There is an air - and I use the word advisedly - of expectancy this morning in Glas nevin: Met Eireann is awaiting visitors.
It does not envisage lengthy queues outside its pyramidal aras by the Tolka, but it is eager to welcome passing surfers to its suiomh Idirlin . Yes, Met Eireann has entered the World Wide Web; it has found itself a niche in cyberspace. It has a website.
Of course I sneer and taunt and jest, and would try to be, in Benjamin Disraeli's words, "a great master of all gibes and flouts and jeers". But, at the end of all, one must admit that they have got it right; the site is good, it's very, very good.
It contains all you might wish to know about Met Eireann and, more importantly, so some may think, provides an omnium gatherum of many useful facts and figures about present, past and future Irish weather.
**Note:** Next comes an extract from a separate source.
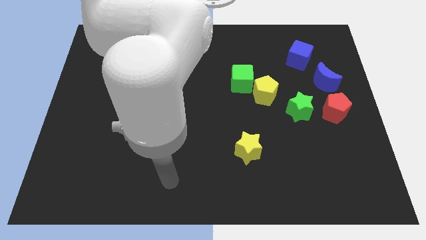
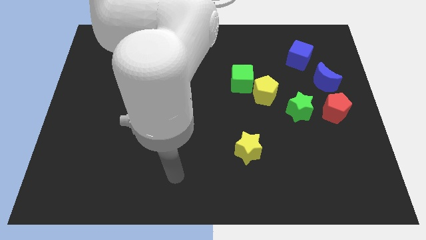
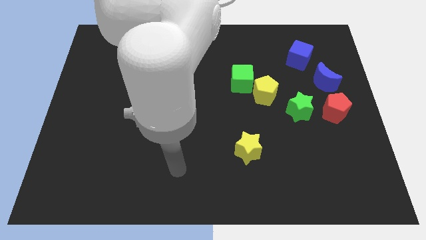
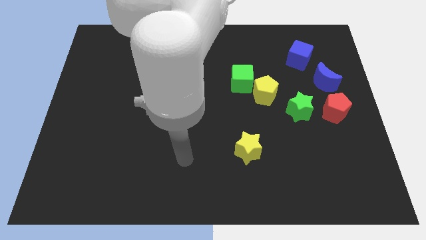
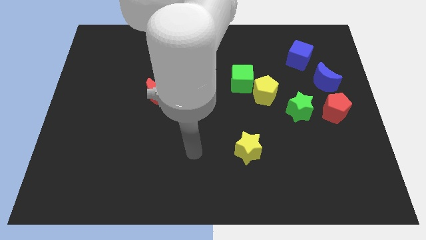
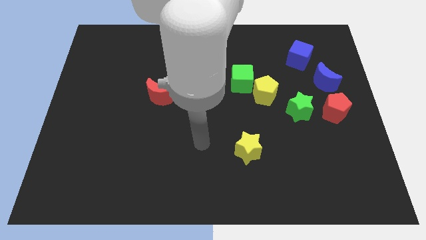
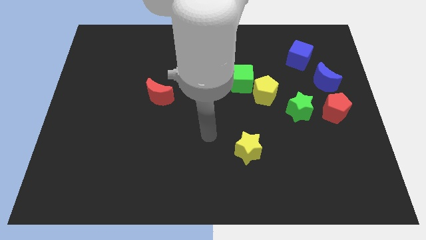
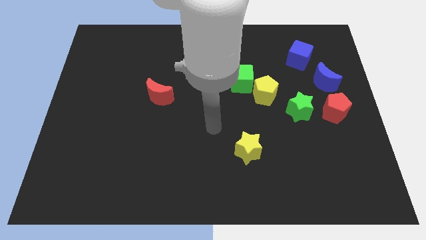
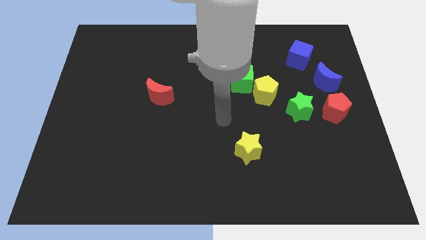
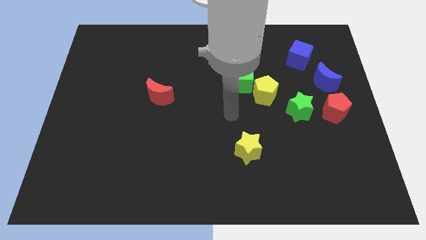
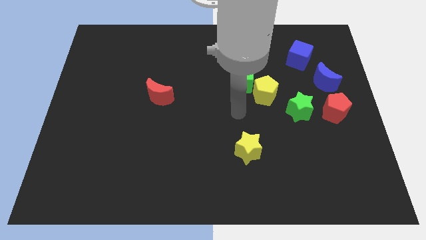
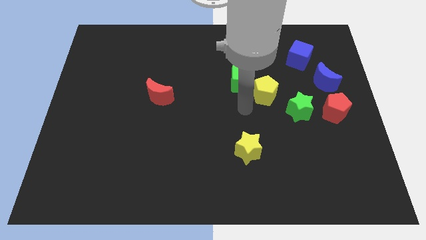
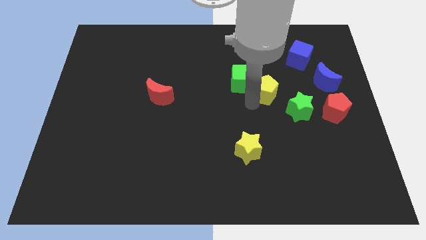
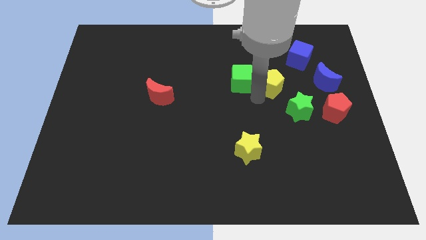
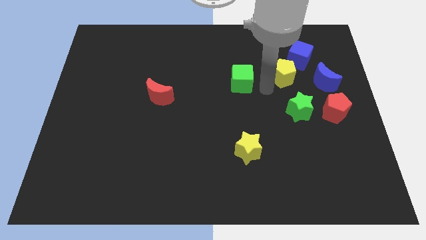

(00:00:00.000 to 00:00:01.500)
pull the green cube apart from the yellow pentagon

The home page has a general forecast and a three-day weather outlook for the country as a whole, and you can refine your search to get more detailed information for the individual provinces or greater Dublin. Then, if it interests you, you can view the latest weather reports from a score or so of Irish weather stations.
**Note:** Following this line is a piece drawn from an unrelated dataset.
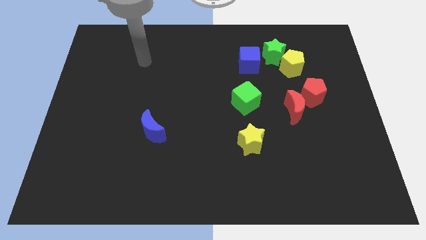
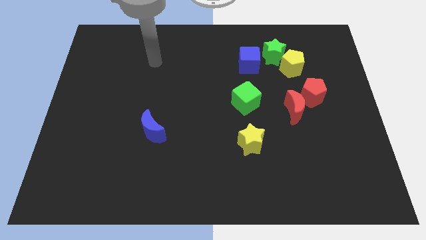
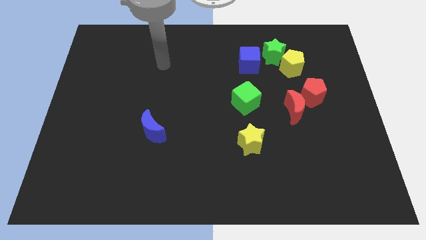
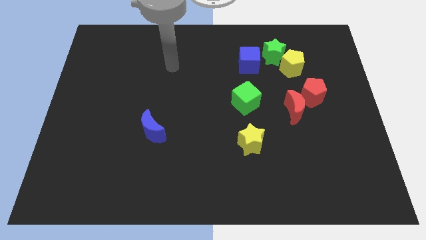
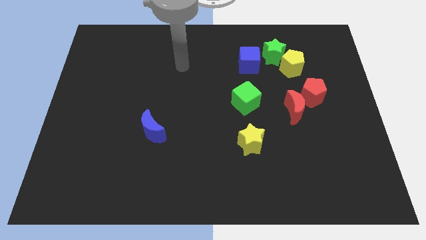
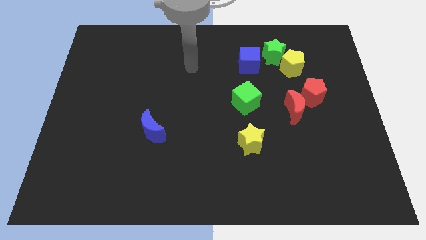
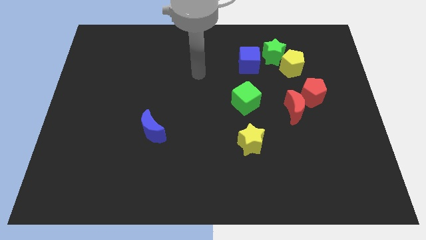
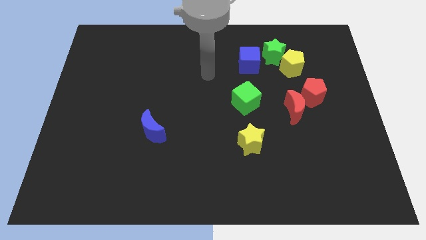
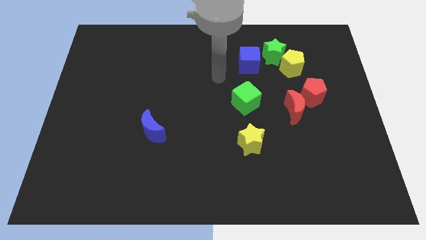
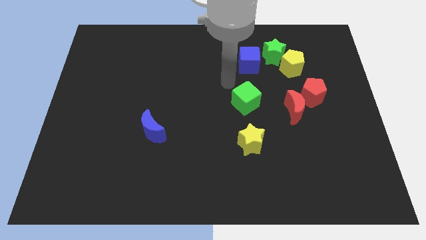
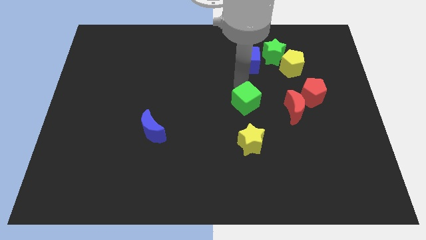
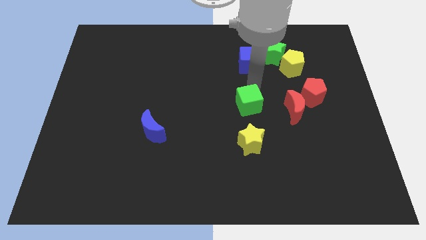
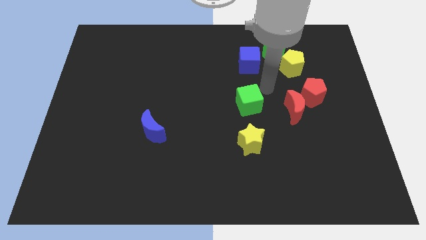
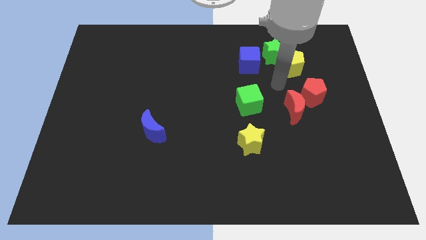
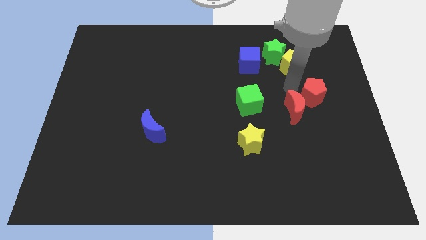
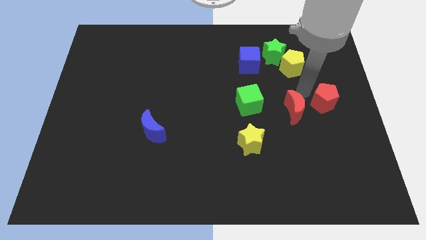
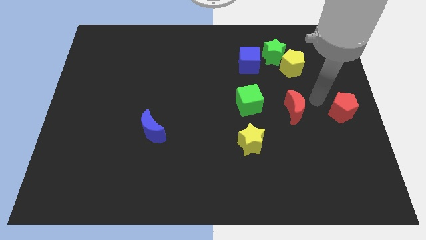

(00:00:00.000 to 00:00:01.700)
move the red moon away from the red pentagon

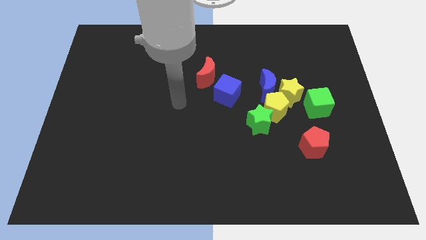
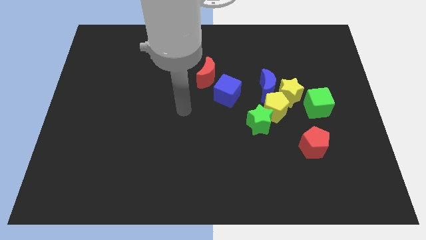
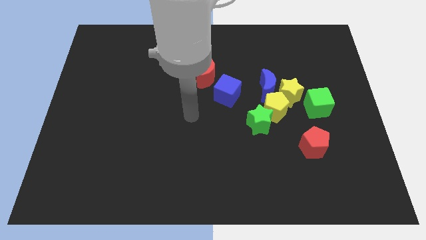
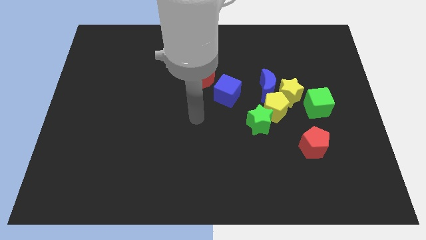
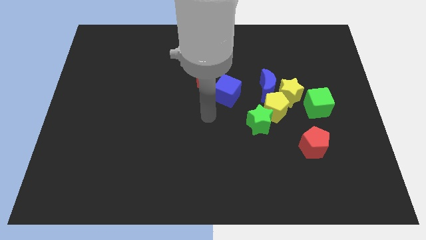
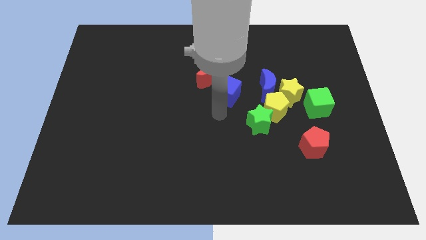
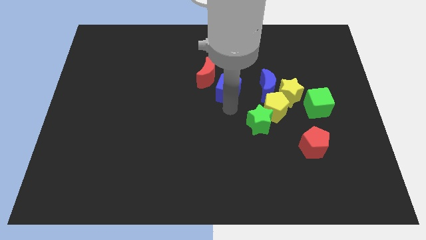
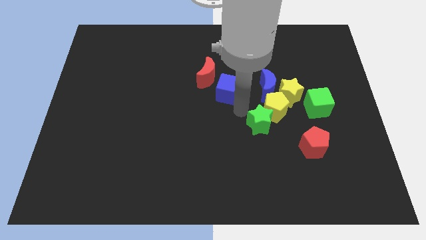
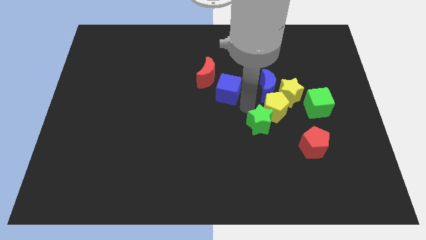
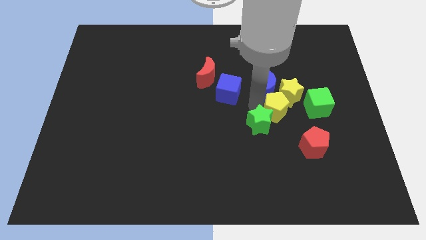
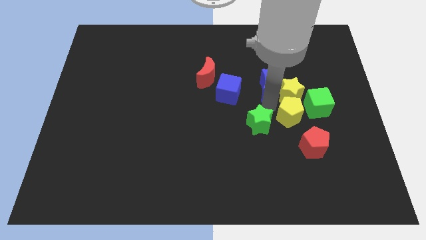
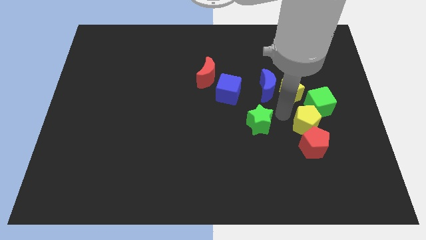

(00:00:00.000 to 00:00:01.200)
pull the green star apart from the yellow pentagon

The message is very easily understood, but even if any of the words are mystifying, you can surf to a glossary which tells you the meaning of a wide variety of weather terms.
You can also obtain information on the weather of the recent past, and access a wide range of climatological statistics. If you are a connoisseur, you can view the latest tephigram compiled at Valentia Observatory in Co Kerry; and if you have no idea whatever what a tephigram may be, scroll down the page and all will be explained.
And of course a weather site could not be called a weather site without the latest images from satellites, and these are online too.
If you feel you need a second opinion on any of these matters, the site provides a multitude of links to European weather services, from the Meteorological Institute of Finland to the splendidly named Former Yugoslavian Republic of Macedonia.
And as regards Met Eireann itself, the site includes a comprehensive account of its work and organisation, and a lengthy article which describes the development of meteorology in Ireland from the 1860s to the present day .
All this is tastefully displayed in pastel shades of green and yellow, and the pages are commendably free of clutter and easy on the eye. You can see them for yourself if you click your mouse on www.met.ie.